Uganda Co-operative Bank
- Company type: Public company
- Industry: Financial services
- Founded: 2024 (Expected)
- Headquarters: Kampala, Uganda

= Uganda Co-operative Bank =

Uganda Co-operative Bank is a proposed commercial bank expected to be established in Uganda, the third-largest economy in the East African Community. The new institution is expected to "enhance the availability of affordable financing to viable projects in agriculture and micro and medium scale enterprises development" in the country.

==Overview==
Uganda's co-operative societies, traders and farmers experience difficulty in accessing loans from commercial banks, on account of high interest rates and unfavorable repayment terms. In June 2016, Amelia Kyambadde, the Minister of Trade, Industry and Cooperatives (MoITC), disclosed that the Ugandan cabinet had approved the establishment of Uganda Cooperative Bank.

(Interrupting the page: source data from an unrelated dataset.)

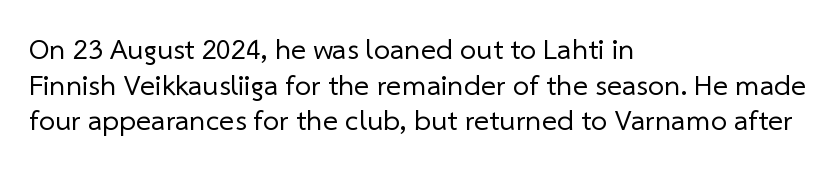
Q: Is the text bold? A: No.
Q: Is the typeface a serif or a sans-serif typeface? A: Sans-serif.
Q: Is the text underlined? A: No.
Q: How is the paragraph aligned? A: Left-aligned.
Q: Is the spacing between letters normal or unusually wide? A: Normal.
Q: Width (condensed, normal, or wide)? A: Normal.
Q: Stroke contrast? A: Low.
Q: x-height? A: Medium.
Q: Monospaced? A: No.
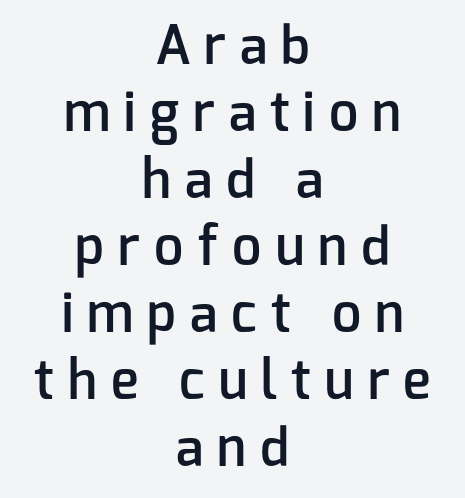
Q: Is the text bold? A: Semi-bold.
Q: Is the text italic (slanted)? A: No, it is upright.
Q: Is the typeface a serif or a sans-serif typeface? A: Sans-serif.
Q: Is the text underlined? A: No.
Q: How is the paragraph aligned? A: Centered.
Q: Is the spacing between letters normal or unusually wide? A: Unusually wide.
Q: Is the spacing between lines tight, normal or loose? A: Normal.
Q: Width (condensed, normal, or wide)? A: Normal.
Q: Stroke contrast? A: Low.
Q: x-height? A: Medium.
Q: Monospaced? A: No.
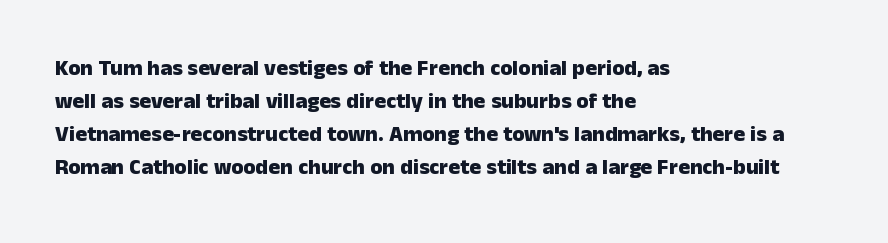
You'd pick this weight for a headline — it's a proper bold. The lettering holds an erect, upright posture throughout. Glance below the letters and you will spot only blank space. Layout note: lines flush left. Characters follow at the spacing the type designer built in. These lines sit exactly where default settings would place them.
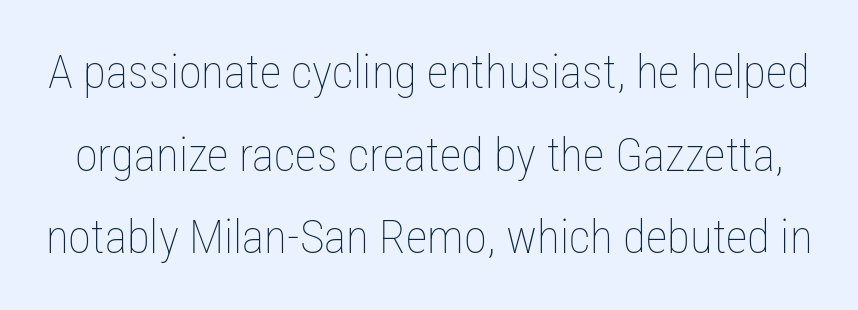
Q: Is the text bold? A: No.
Q: Is the text italic (slanted)? A: No, it is upright.
Q: Is the text underlined? A: No.
Q: Is the spacing between letters normal or unusually wide? A: Normal.
Q: Width (condensed, normal, or wide)? A: Condensed.
Q: Stroke contrast? A: Low.
Q: x-height? A: Medium.
Q: Monospaced? A: No.
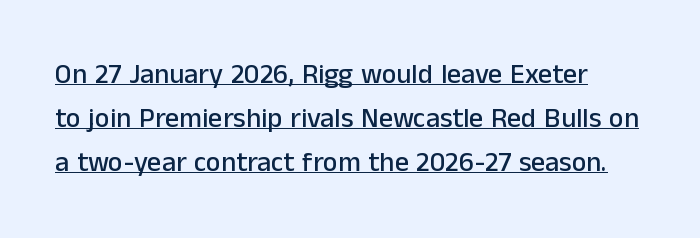
Q: Is the text italic (slanted)? A: No, it is upright.
Q: Is the typeface a serif or a sans-serif typeface? A: Sans-serif.
Q: Is the text underlined? A: Yes.
Q: Is the spacing between letters normal or unusually wide? A: Normal.
Q: Is the spacing between lines tight, normal or loose? A: Normal.
Q: Width (condensed, normal, or wide)? A: Normal.
Q: Stroke contrast? A: Low.
Q: x-height? A: Medium.
Q: Monospaced? A: No.
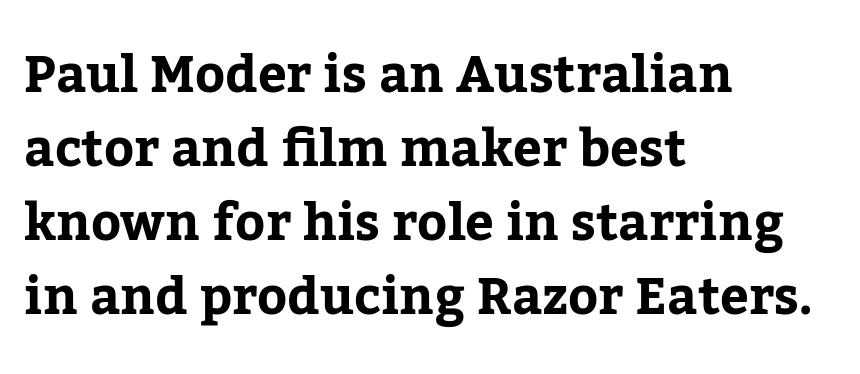
{"serif": "yes", "italic": "no", "bold": "yes", "weight": "bold", "width": "normal", "stroke_contrast": "low", "x_height": "medium", "monospaced": "no", "underline": "no", "align": "left", "line_spacing": "normal", "line_spacing_ratio": 1.45, "letter_spacing": "normal", "letter_spacing_em": 0.0, "glyph_px": 51}
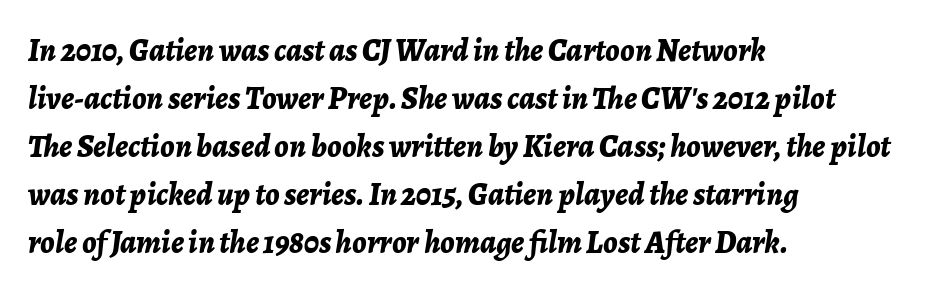
Q: Is the text bold? A: Yes.
Q: Is the text italic (slanted)? A: Yes, it leans right by about 7 degrees.
Q: Is the text underlined? A: No.
Q: How is the paragraph aligned? A: Left-aligned.
Q: Is the spacing between letters normal or unusually wide? A: Normal.
Q: Is the spacing between lines tight, normal or loose? A: Normal.
Q: Width (condensed, normal, or wide)? A: Normal.
Q: Stroke contrast? A: Low.
Q: x-height? A: Medium.
Q: Monospaced? A: No.
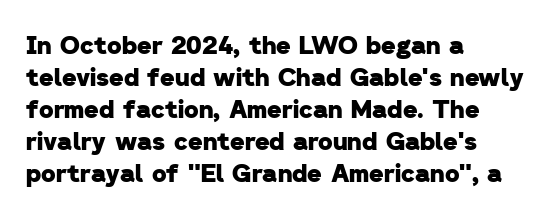
The image shows 25 px bold type; set left-aligned, normal line spacing (1.28x), normal letter spacing, not underlined.
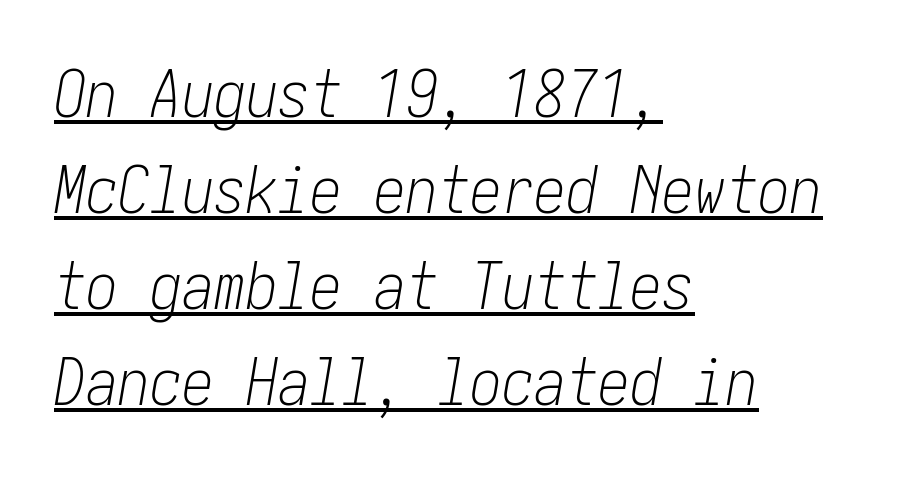
The image shows 64 px light, condensed type, italic (leaning right); set left-aligned, normal line spacing (1.5x), normal letter spacing, underlined; low stroke contrast and a medium x-height.
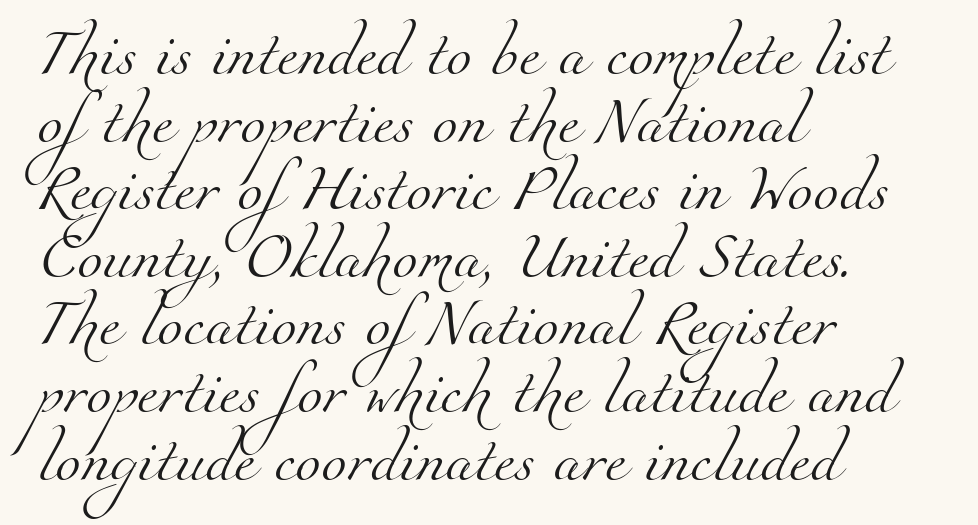
The image shows 46 px light serif type; set left-aligned, normal line spacing (1.47x), normal letter spacing, not underlined; medium stroke contrast and a small x-height.

The MoITC is "tasked with coordinating enterprise-based cooperative movements to merge into the bank".

==History==
An institution with the same name was established in the 1960s as a commercial bank. That bank was closed on 19 May 1999, by the late Charles Kikonyogo, the governor of the Bank of Uganda at that time. The reasons given for its closure were "inadequate capitalization" and "insolvency to the tune Sh4.8 billion, as at 31 December 1998". The EastAfrican reported in June 1999, that the bank's collapse was as a result of the withdrawal of support by USAID, and a case of fraud involving bank officials.

Since 2008, there have been efforts to re-open the bank or create a replacement. In June 2019, Amelia Kyambadde, Uganda's Minister of Trade, Industry and Cooperatives set a target of 2021 for the establishment of the bank.

==Shareholding==
The shareholders in the new bank are expected to include the following, among others: 1. Kyankwanzi Sacco Limited 2. West Mengo Cooperative Union Limited 3. Bunyoro Growers’ Cooperative Union 4. East Mengo Cooperative Union Limited 5. West Acholi Cooperative Union Limited and 6. Masaka Cooperative Union Limited.

==Developments==
In August 2023 Frederick Ngobi Gume, the Ugandan State Minister for Cooperatives inaugurated the restoration committee established to steer the creation of the bank. To distinguish it from the defunct institution created in the 1960s and abolished in 1999, the new bank will be known as the National Cooperative Bank. The restoration committee has 90 days to produce its report.